Understanding definite integrals helps you handle problems that involve finding total quantities such as areas, volumes, and other accumulations.

antiderivatives

An antiderivative is essentially the reverse of differentiation. It is a function whose derivative is the original function we started with. Calculating an antiderivative is a foundational step in solving definite integrals.

To find the antiderivative of \(x-y\) in the expression \[ \int (x-y) \, dx \]we perform integration term-by-term.

• The antiderivative of \(x\) with respect to \(x\) is \(\frac{x^2}{2}\).
• The antiderivative of \(-y\) with respect to \(x\) is \(-yx\), as \(-y\) is treated as a constant in this context.

Combining these results gives us: \[ \frac{x^2}{2} - yx \].
Antiderivatives are vital because they serve as a basis for calculating definite integrals by allowing you to find exact values over an interval.

integration by substitution

Integration by substitution is a technique used to simplify integrals by changing variables, which makes it easier to integrate certain functions. It's a useful method when a direct integration approach seems complicated or impossible.

Though substitution was not explicitly used in the solution of the original problem, it is worth noting that substitution could simplify similar integrals. The technique involves:

• Selecting a part of the integrand to replace with a new variable.
• Changing the limits of integration accordingly if they are definite integrals.
• Transforming the differential accordingly.
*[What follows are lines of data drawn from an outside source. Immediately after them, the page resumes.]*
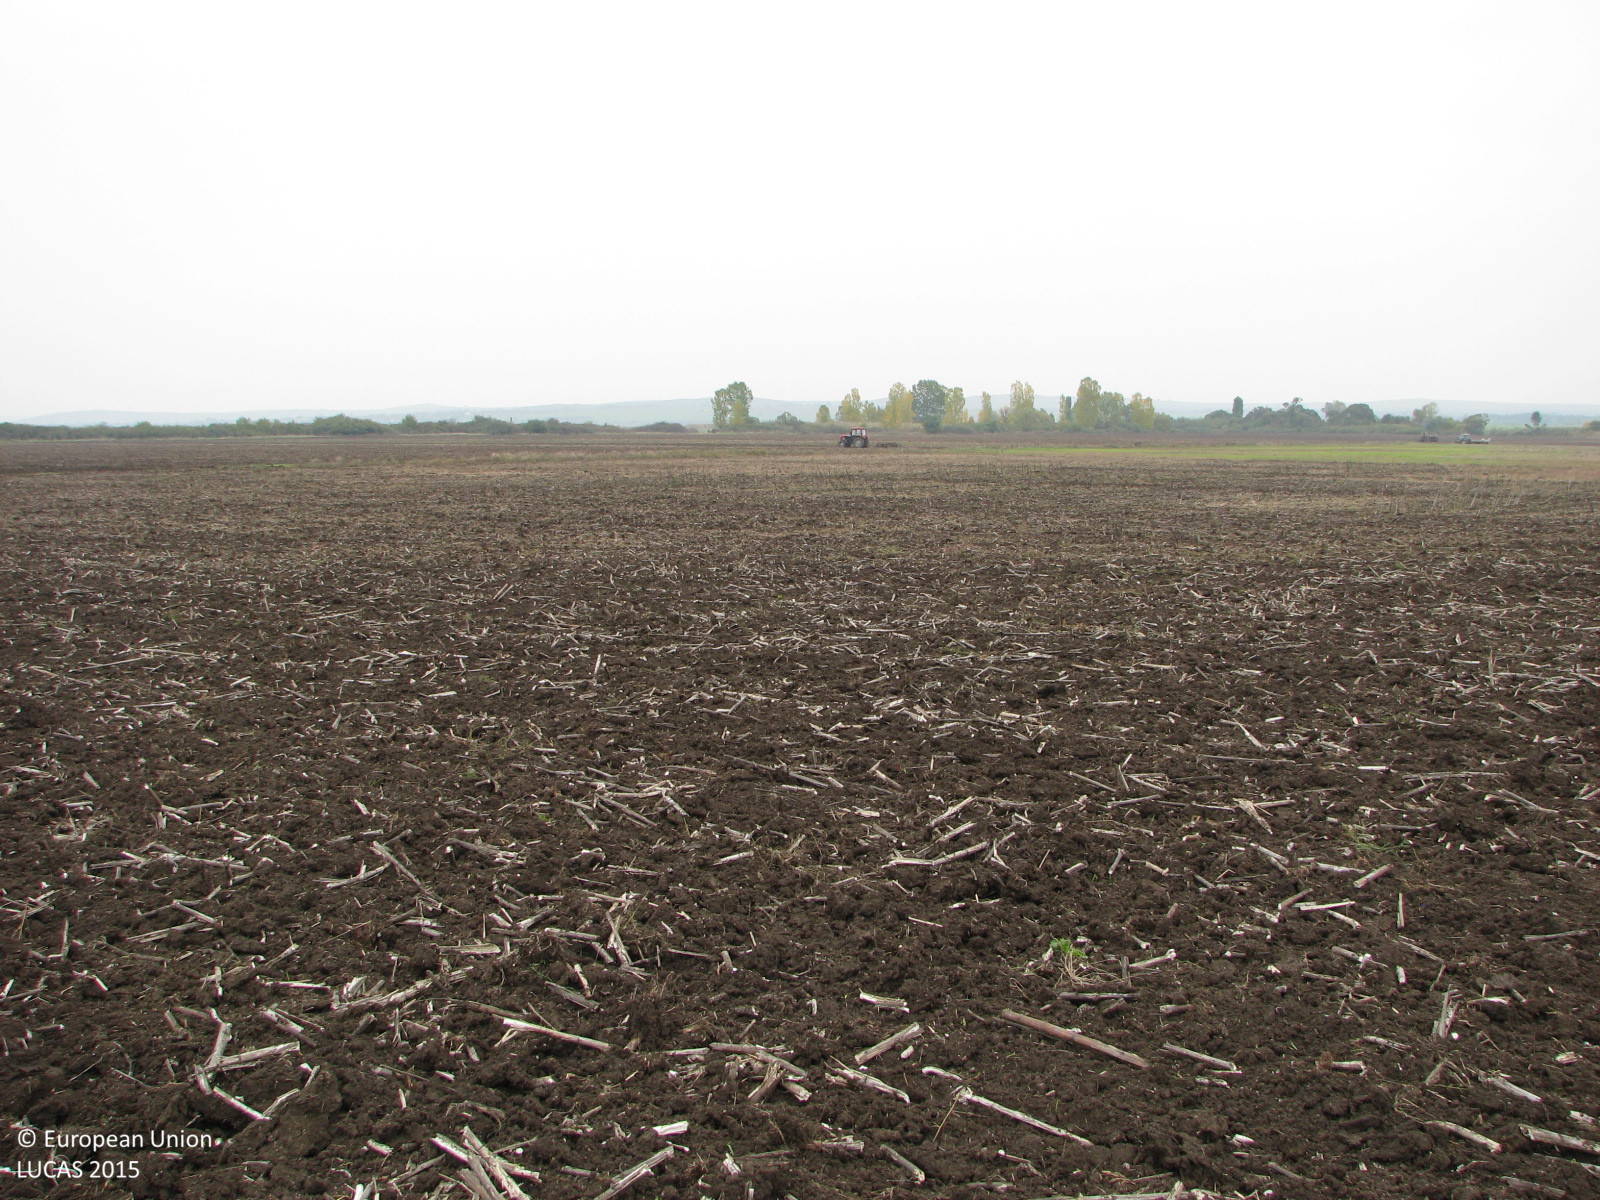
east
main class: Cropland
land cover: Rape and turnip rape
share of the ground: < 10 %
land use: Agriculture (excluding fallow land and kitchen gardens)
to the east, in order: Rape and turnip rape; Common wheat
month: October
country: BG
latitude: 42.5465
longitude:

For example, if you have an integral like \(\int (x - y) dx\), you might set \(u = x - y\) and then integrate in terms of \(u\). This approach makes the integration process manageable.
Understanding integration by substitution not only broadens your integration tool belt but also deepens your comprehension of how integrals can transform under variable changes.

limits of integration

Limits of integration determine the interval over which you evaluate a definite integral. They are pivotal in computing definite integrals, as they define the start and end points of the area or accumulation you are interested in.

In the original problem, the inner integral \[ \int_{y}^{y^2} (x-y) \, dx \] involves limits from \(y\) to \(y^2\). These limits might depend on another variable which is often seen in nested or iterated integrals. The limits dictate how you evaluate the antiderivative, producing specific values when applied.

• Upper and lower limits indicate the exact portion of the curve considered.
• These limits must reflect any changes due to substitution.

In the context of iterated integrals, like part (b) of the problem, each integration step has its own limits. You process the inner integral limits first, then proceed to the next integration layer. Calculating the difference of the evaluated antiderivative at these limits ultimately provides the definite integral's value.